Exercise requirements -
Every record must be given again word for word; no picture belongs in the copy.

Material for this task -
◆ ◆ ◆ ◆

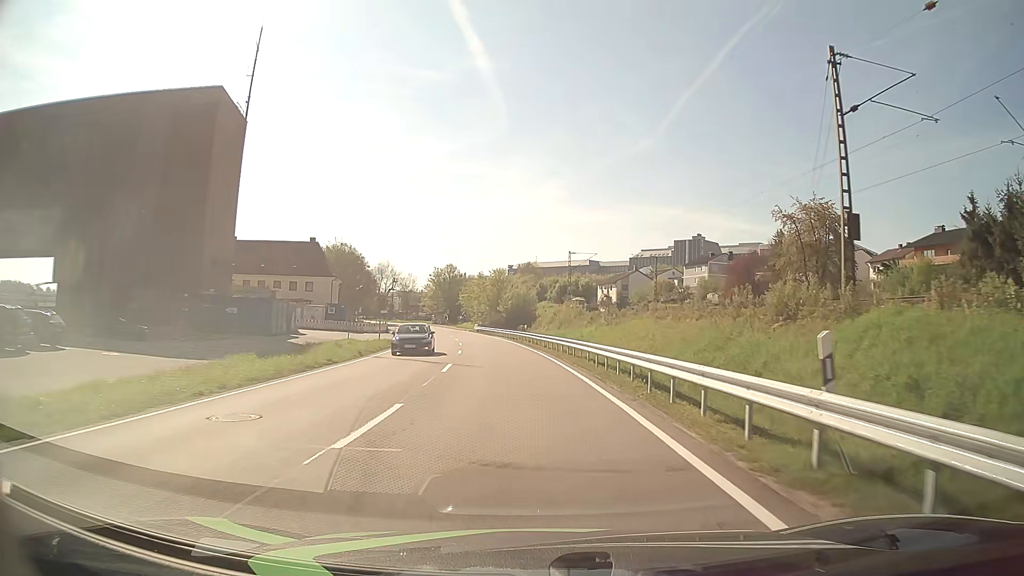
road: primary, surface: asphalt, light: Day
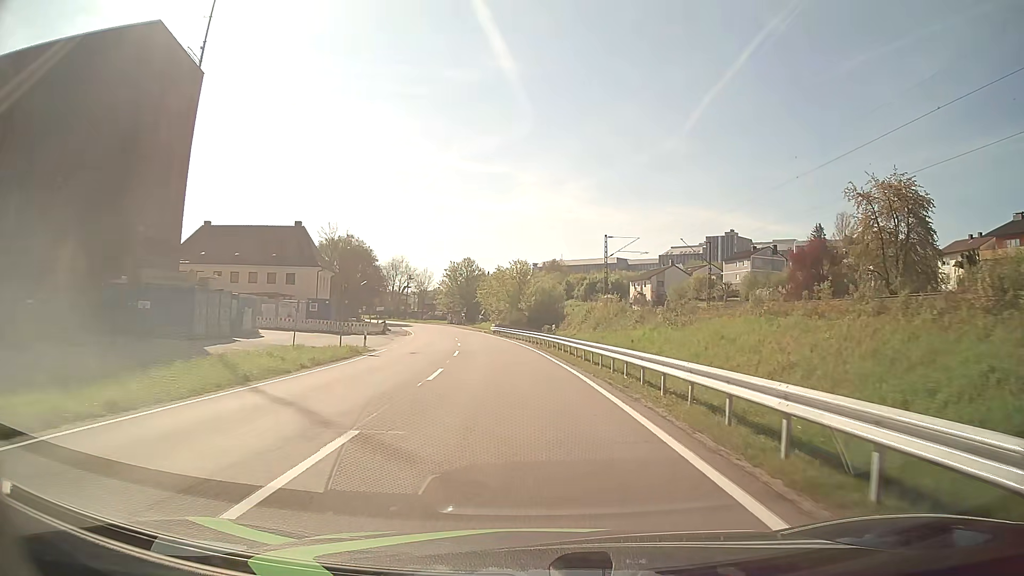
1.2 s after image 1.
(-0.3, +15.2) m; -2°
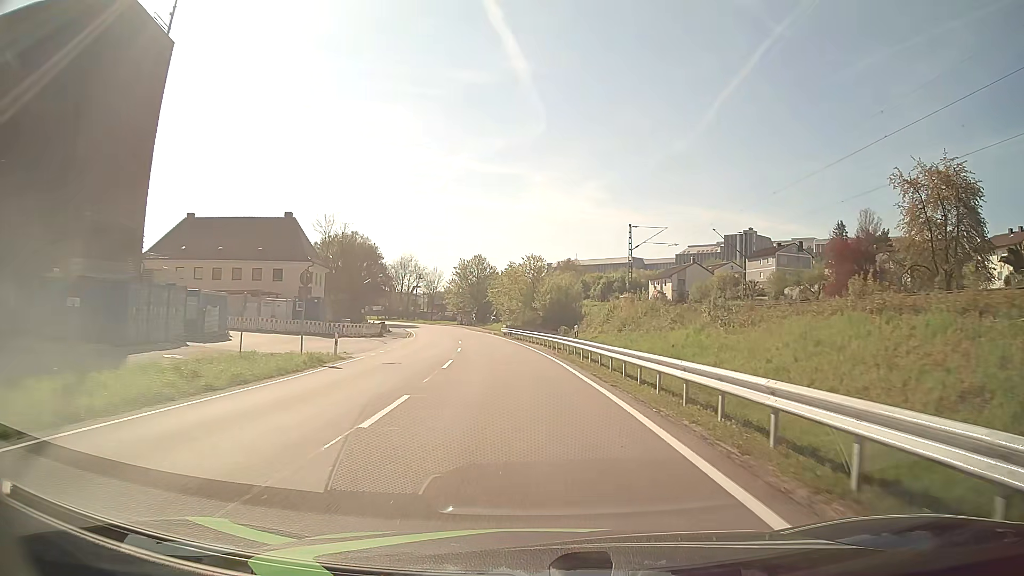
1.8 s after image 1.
(0.0, +7.6) m; -1°
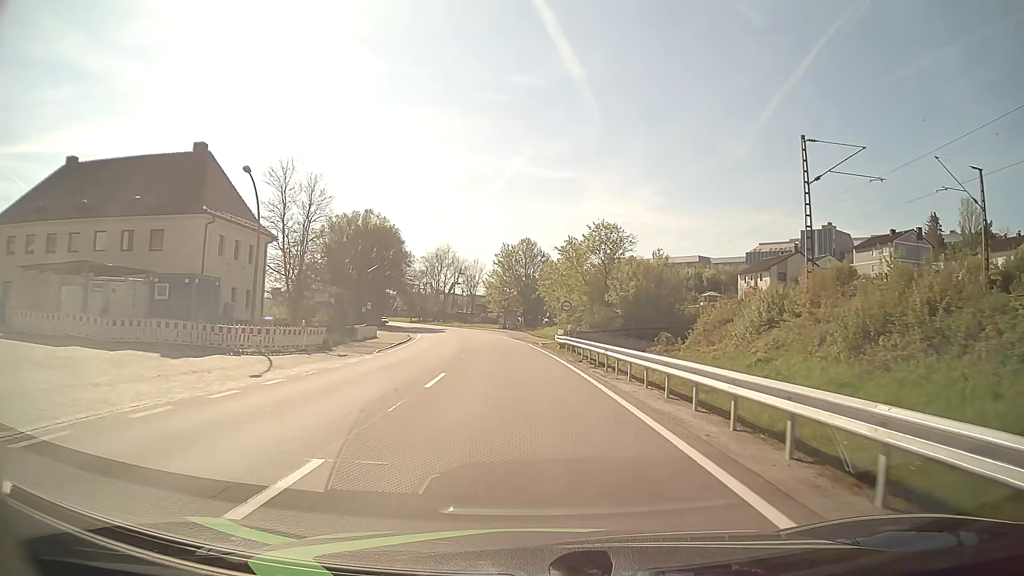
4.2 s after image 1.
(-1.2, +30.3) m; -5°
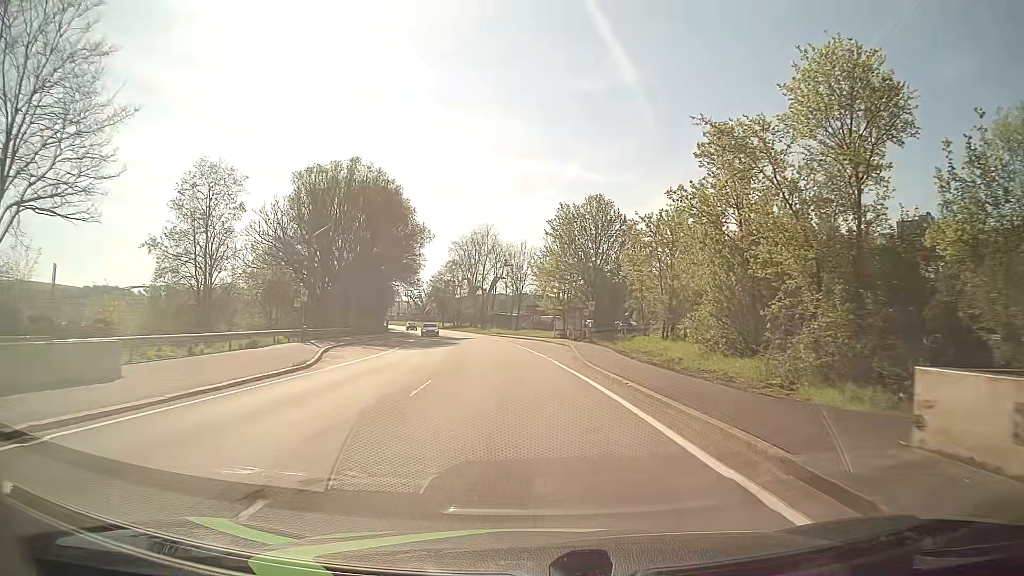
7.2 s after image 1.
(-1.7, +37.9) m; -5°
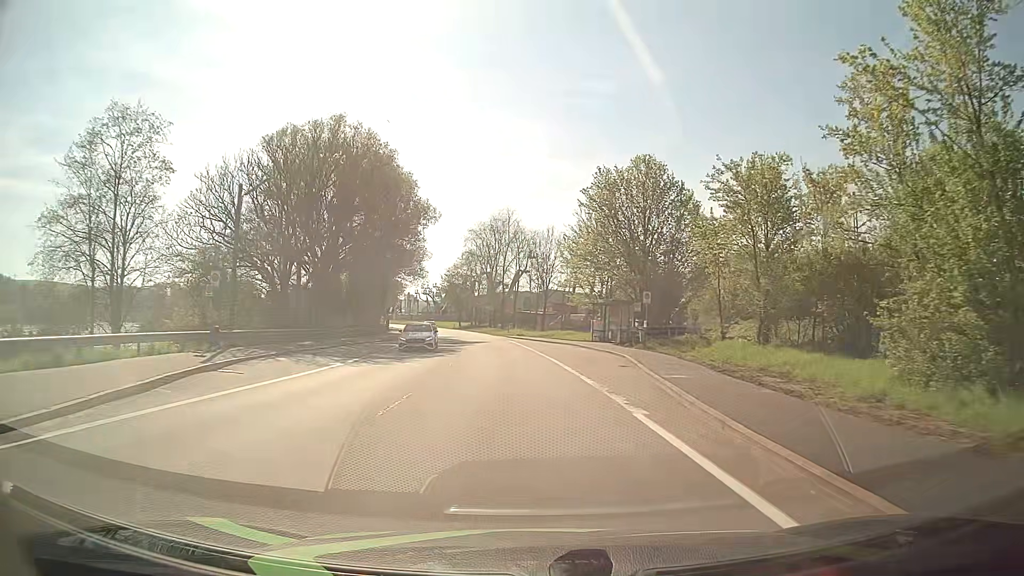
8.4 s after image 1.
(-0.2, +15.2) m; -2°
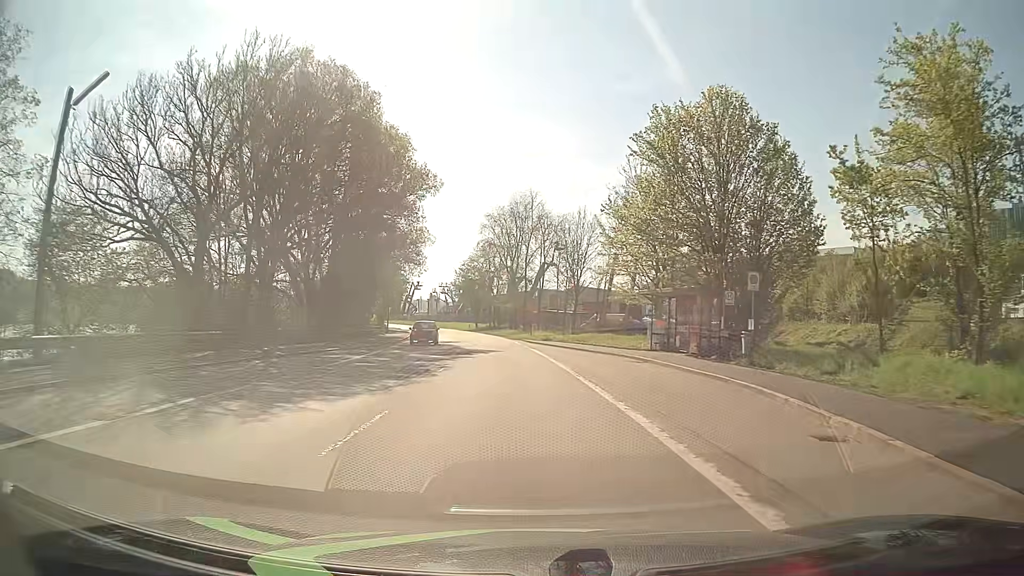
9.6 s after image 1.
(-0.2, +15.2) m; -2°
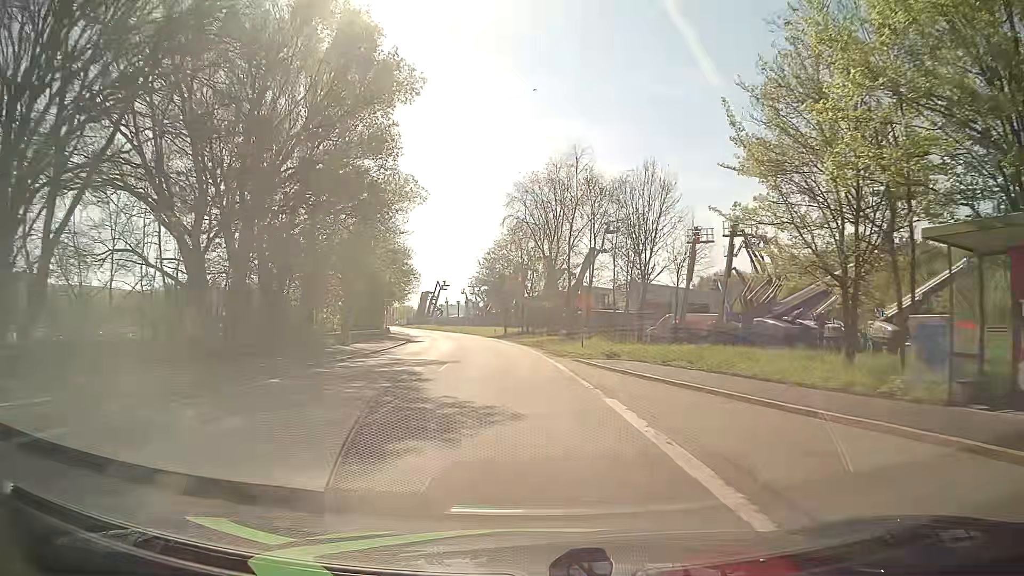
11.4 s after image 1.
(-0.5, +22.8) m; -3°
(0, +10) (0, +20) (-1, +30) (-2, +40) (-3, +50) (-4, +60) (-6, +70) (-8, +79) (-10, +89) (-12, +99) m

◆ ◆ ◆ ◆

Finished exercise -
road: primary, surface: asphalt, light: Day
1.2 s after image 1.
(-0.3, +15.2) m; -2°
1.8 s after image 1.
(0.0, +7.6) m; -1°
4.2 s after image 1.
(-1.2, +30.3) m; -5°
7.2 s after image 1.
(-1.7, +37.9) m; -5°
8.4 s after image 1.
(-0.2, +15.2) m; -2°
9.6 s after image 1.
(-0.2, +15.2) m; -2°
11.4 s after image 1.
(-0.5, +22.8) m; -3°
(0, +10) (0, +20) (-1, +30) (-2, +40) (-3, +50) (-4, +60) (-6, +70) (-8, +79) (-10, +89) (-12, +99) m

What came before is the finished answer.